DANS LES PAS DE MARCEL PAGNOL

Avec quelques amis fidèles, j’ai fait cette randonnée à partir du village de la Treille
Au tout début du 20ème siècle, par un beau jour d’avril 1904, parce qu’Augustine son épouse était de santé fragile et que l’air de la campagne lui serait salutaire, Joseph Pagnol, instituteur à la grande école des Chartreux à Marseille, annonça à son fils Marcel : « Tu ne sais pas où nous allons ? Eh bien, voilà. Ta mère a besoin d’un peu de campagne. J’ai donc loué, de moitié avec l’Oncle Jules, une villa dans la colline, et nous y passerons les grandes vacances ». Evénement au demeurant anodin mais qui devait marquer pour toujours Marcel Pagnol.
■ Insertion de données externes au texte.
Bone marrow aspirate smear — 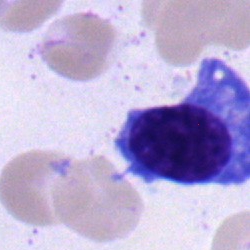

{"cell_type": "plasmacyte"}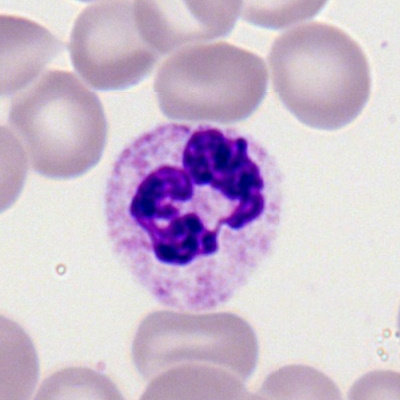 Cell type — neutrophil (segmented).
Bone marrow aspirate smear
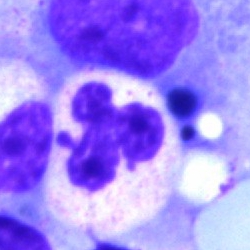 Showing a neutrophil (segmented).
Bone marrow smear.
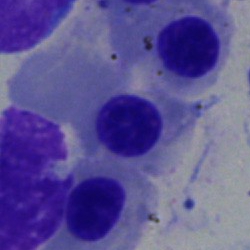
Q: What type of cell is this?
A: It is a nucleated red blood cell.
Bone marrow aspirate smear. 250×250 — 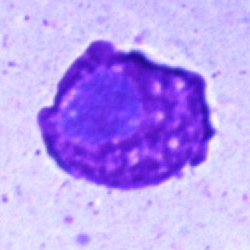 Single cell identified as an artifact.
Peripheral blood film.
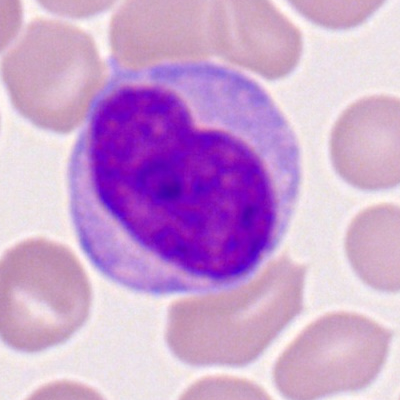 {"cell_type": "monocyte", "lineage": "myeloid"}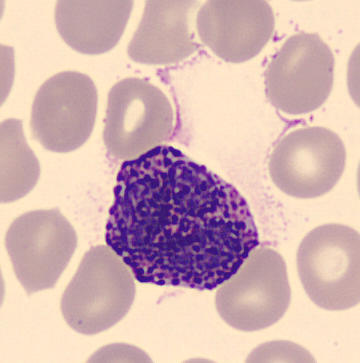
Cell type: basophil.
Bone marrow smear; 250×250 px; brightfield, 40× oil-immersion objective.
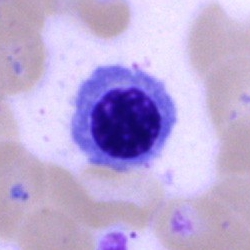 Cell — erythroblast.
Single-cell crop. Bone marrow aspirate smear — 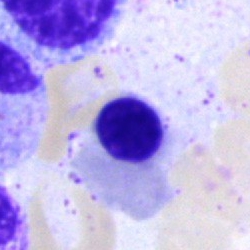 A normoblast.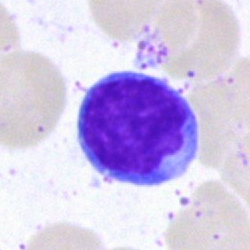
Morphology — typical lymphocyte.

A la Treille, à la sortie du village, prendre vers la gauche en direction du Pic du Taoumé.
Une première halte s’impose devant « La Pascaline » une demeure bourgeoise de villégiature que Marcel Pagnol à loué en 1952 pendant le tournage de Manon des sources et qu’il a relouée en 1956 pour s’y reposer. C’est là qu’il aurait commencé à écrire les premières pages de « La gloire de mon père ».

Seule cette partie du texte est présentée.